Concentric Circle Area Ratios

Let radius of circle B be 'r'. So length of chord is 2r. Perpendicular from center of the circles bisects the chord. By Pythagoras theorem, radius of the circle A will be (\sqrt{2})r. Area of circle A is Pi 2 r r and area of circle B is Pi r*r. Thus ratio of area of circle A to area of circle B is 2:1

Let radius of circle B be 'r'. So length of chord is 2r. Perpendicular from center of the circles bisects the chord. By Pythagoras theorem, radius of the circle A will be (\sqrt{2})r. Area of circle A is Pi2rr and area of circle B is Pir*r. Thus ratio of area of circle A to area of circle B is 2:1

Hooh.. Just 2/1! Cancel pi, and radius then the quotient is 2! It sucks!

Small Circle Radius = r Large Circle Radius = R Tangent Chord Length = d

We are told: 2r = d

(if you are doodling, draw a line from the center to the point the tangent line intersects, then another line from the center to a point that line intersects the larger circle)

R = √( r^2 + (d/2)^2 )
* d/2 since we only care about half of the chord (the hypotenuse of the triangle we drew) R = √( r^2 + (2r/2)^2 ) -----> R = √( r^2 + r^2 ) * since 2r = d, so d/2 = r R = √(2r^2) -----> R = r *√(2)

π r^2 : π R^2 -----( R = r √2 )------> π r^2 : π (r√2)^2
-------> π r^2 : 2π r^2 -------> 1:2

2:1 is the right answer.....!!!!

suppose chord is KN....... bt it is gvn dat KN=2R where R be the radius of the circle B As chrd to circle A is tangent to the B hence it ll mek rt L triangle.CTN in which CN is radius of circle A

from P.Thm. CN=(R^.5+R^.5) area will be fr crcle A=2(pi)R^(2) and for crcle B=(pi)R^(2) Hence ratio=2

easily solv by usig pythagoras

since, the chord of circle A (C 1) is tang. to circle B so radius at its pt. of contact is its perpendicular bisector .Using Pythagoras theorem in the triangle formed by radius of both circles and half the chord ,find radius of (C 1) and then the ratio of the area of circle A to the area circle B.

The radius of Circle B forms an isosceles triangle, and use Pythagoras Theorem. Then find ratio by comparing their areas with Area Formula of Circle.

Assume area of the inner circle is "r". Area of Circle B = pi*(r^2) center point of circle is C Assume tangent is XY touching circle B at point M draw a perpendicular to a point where tangent is touching the inner circle On circle B with the center, i.e perpendicular to line XY at M. join MC and XC. where XC is radius of Circle A.

by Pythagoras thesis, xc^2 =XM^2 + XC^2 X = root(2)*r hence ratio of Area of circles = 2

Now we need to find size of hypotenuse of a triangle formed y

2 is right ans

radius of circle B = X(let) then radius of circle A is \sqrt{2}*X Area's ratio= 2:1

2.i guessed

The chord is tangent to the radius and is twice as long as the radius. Because the circles are concentric, the radius is tangent to the chord at its middle. If the median of an interval is equal to its half, they form a right triangle, and thus the central angle supported by the chord is of 90 degrees. The inscribed angle supported by a chord is worth half the central angle supported by the chord and thus is 45 degrees, and the inscribed angle on the opposite side is worth 180 degrees minus the inscribed angle, thus 135 degrees. Half of this inscribed angle is worth 67.5 degrees.
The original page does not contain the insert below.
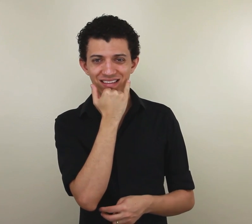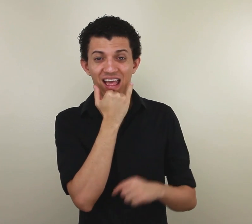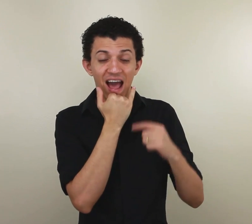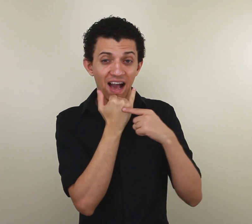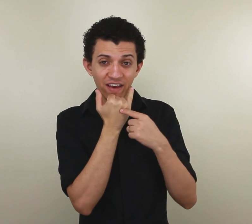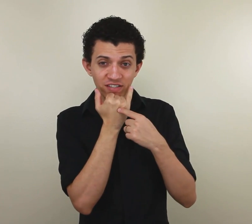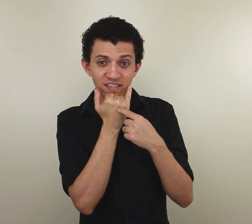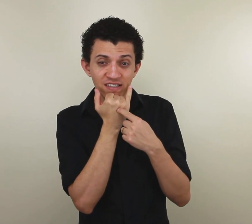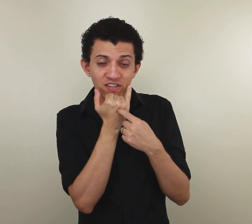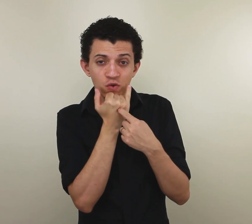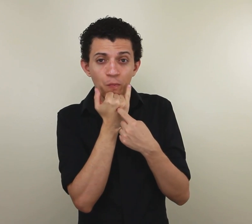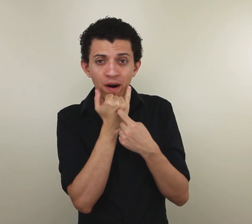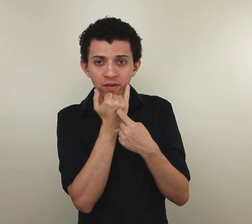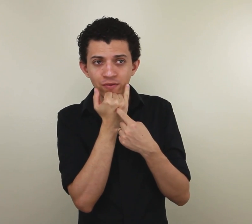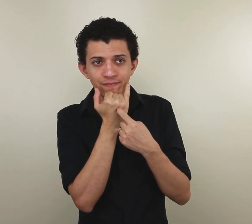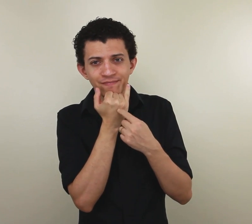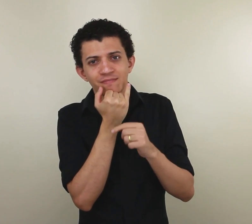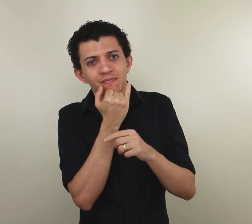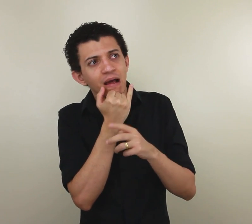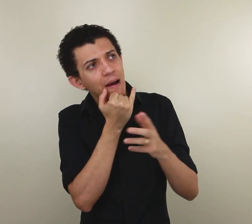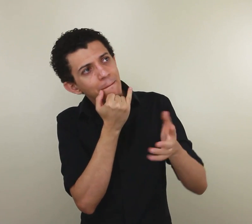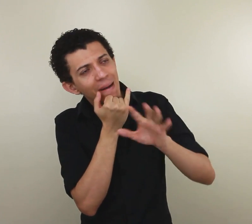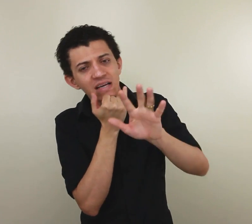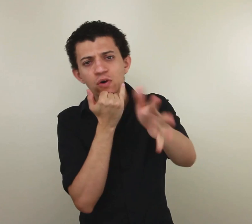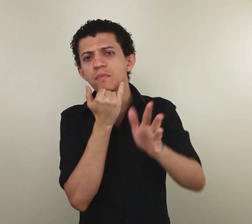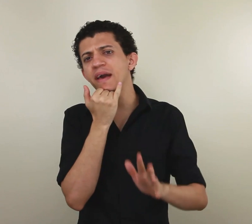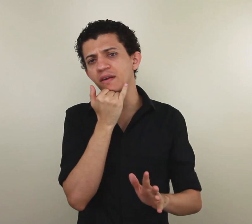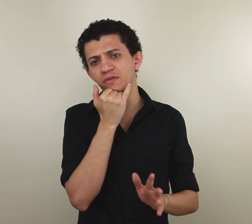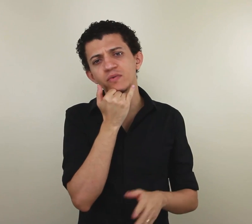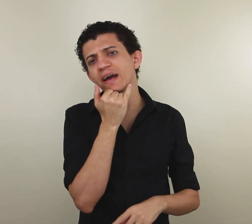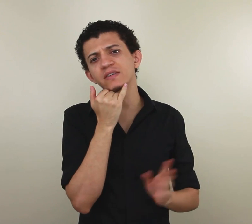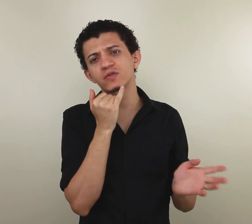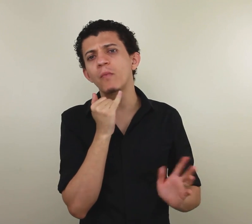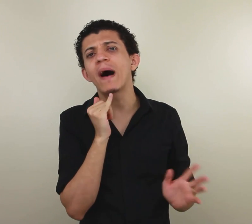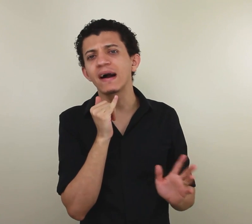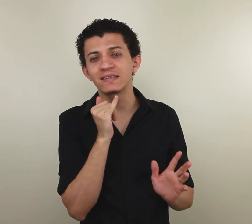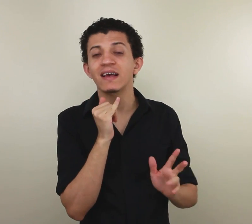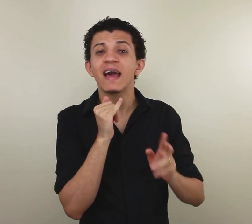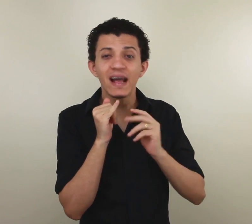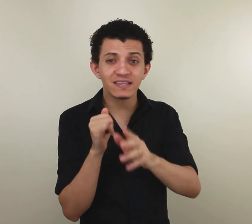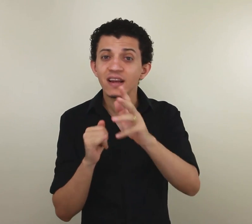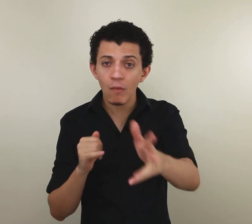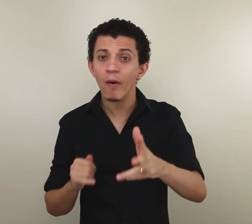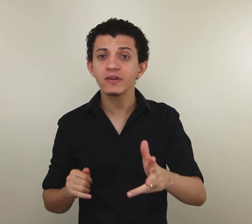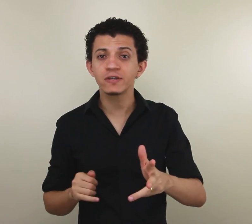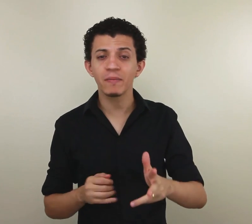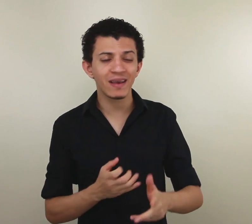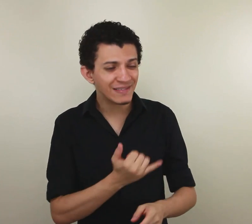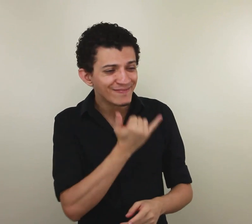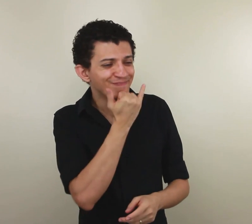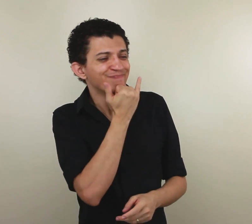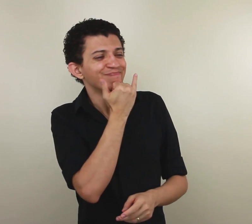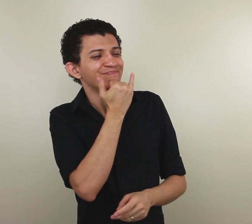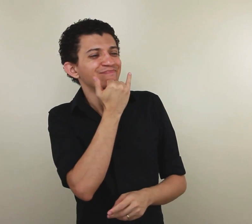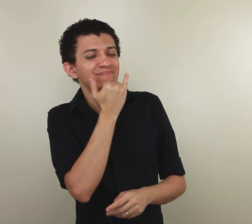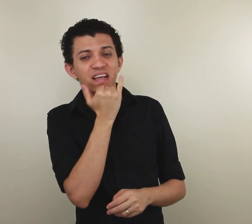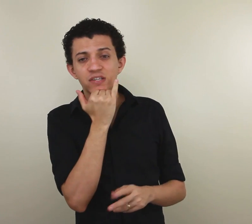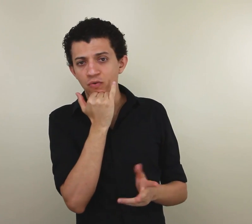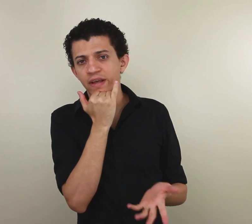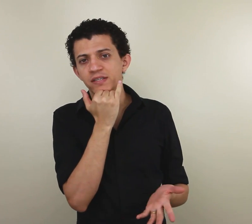Aqui você está se desculpando. Mais ou menos. Não é desculpar-se. É dizer não pode também. Nesse contexto,
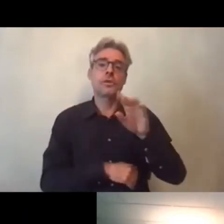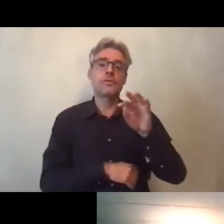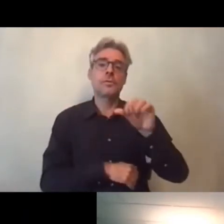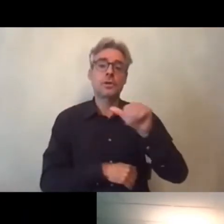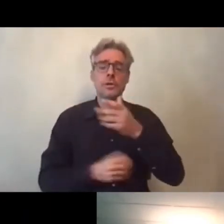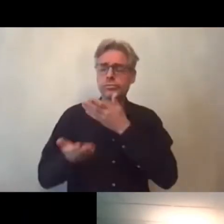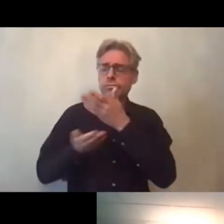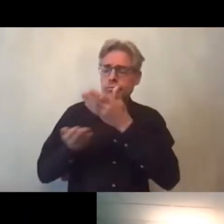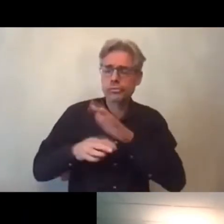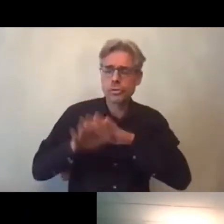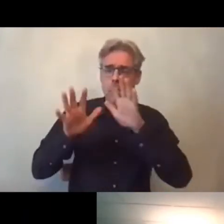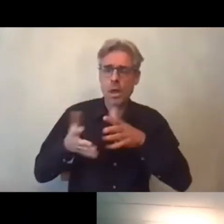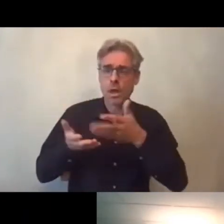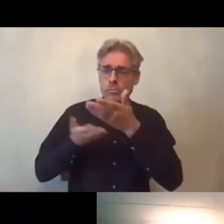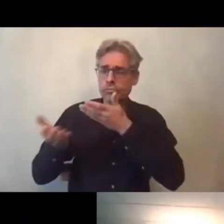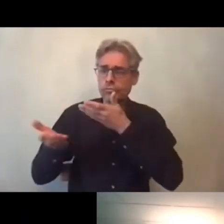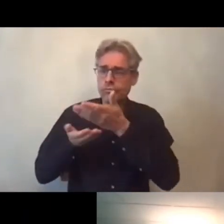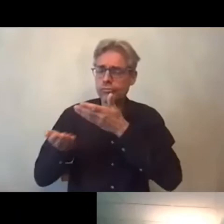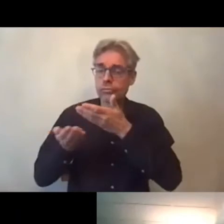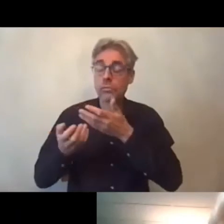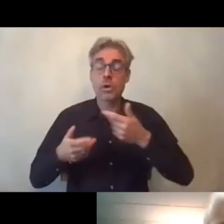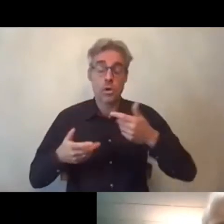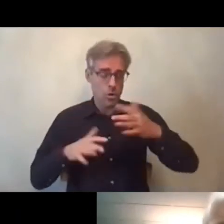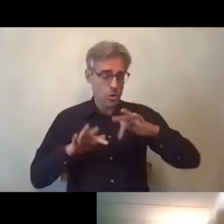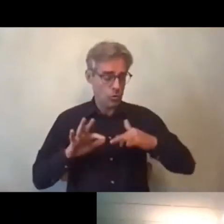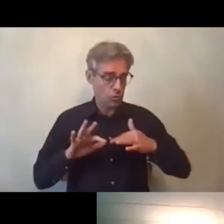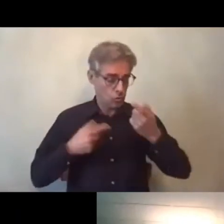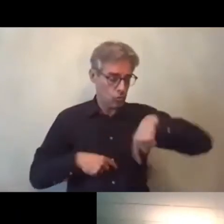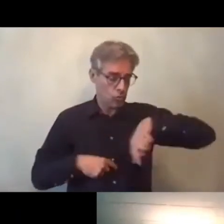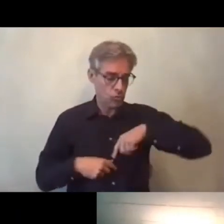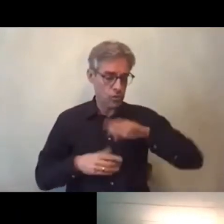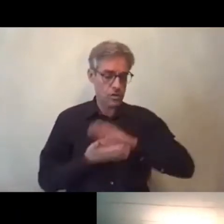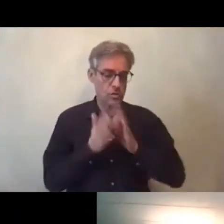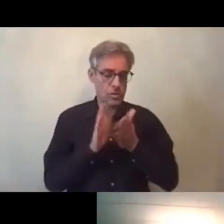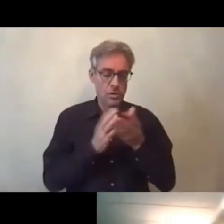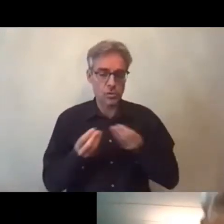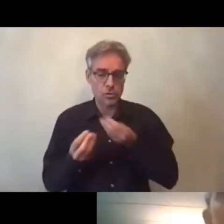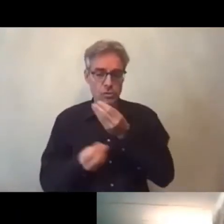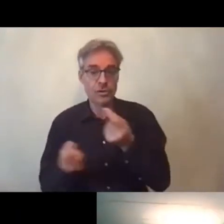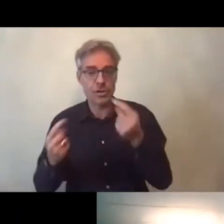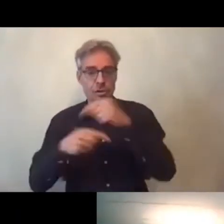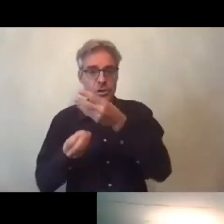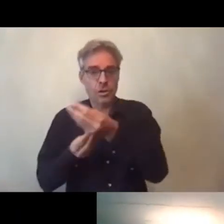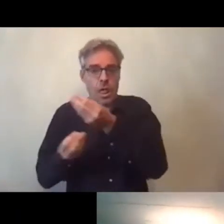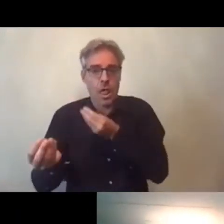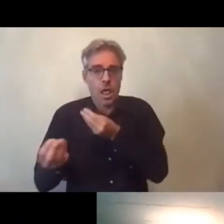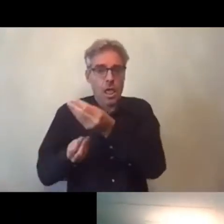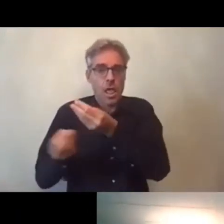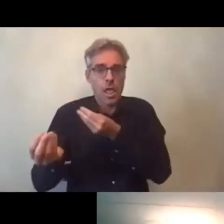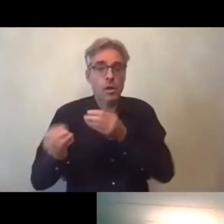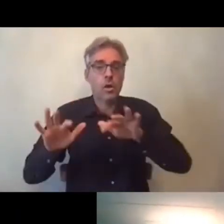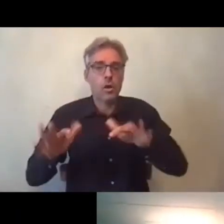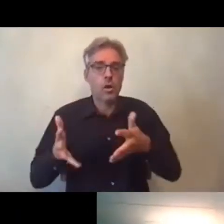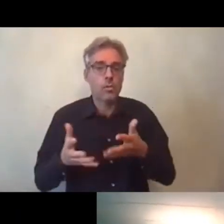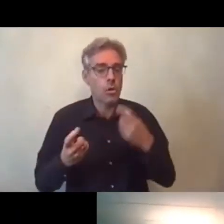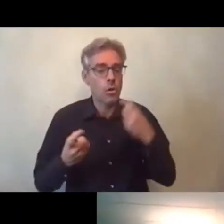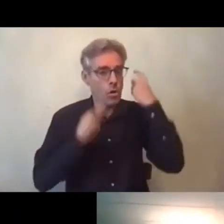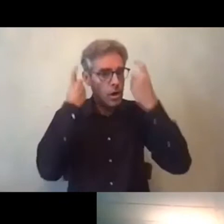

If we continue the raduis beyond the chord till it meets with the outer circle and forms its radius, and then connect the end of the radius with the meeting point of the chord and the outer circle, we get a right triangle with angles of 67.5, 90 and 22.5. Let the radius of B be r and the radius of A be R. \frac{r}{(R-r)}=tan67.5= 2.414 r= 2.414 * (R-r) // divide by 2.414 R-r= \frac{r}{2.414}= 0.414 * r

R= 1.414 * r= \sqrt{2} * r R^2= 2 * r^2

that's it

Construct a line segment from the center of the circles to the middle of the chord, this is the radius of the smaller circle.. Then construct line segments from the center of the circles to the ends of the chord, these are the radii of the larger circle. The triangle formed by the radius of the small circle, the radius of the large circle, and half the chord is isosceles with the two equal line segments the radius of the small circle and half the chord. Using the Pythagorean theorem the length of the third side, the radius of the large circle, is square root of 2 times the length of the radius of the small circle. Therefore, if the radius of the small circle is x then it's area is x squared times pi. The area of the large circle is 2 times x squared times pi. The ratio of the area of the large circle to the small circle is 2.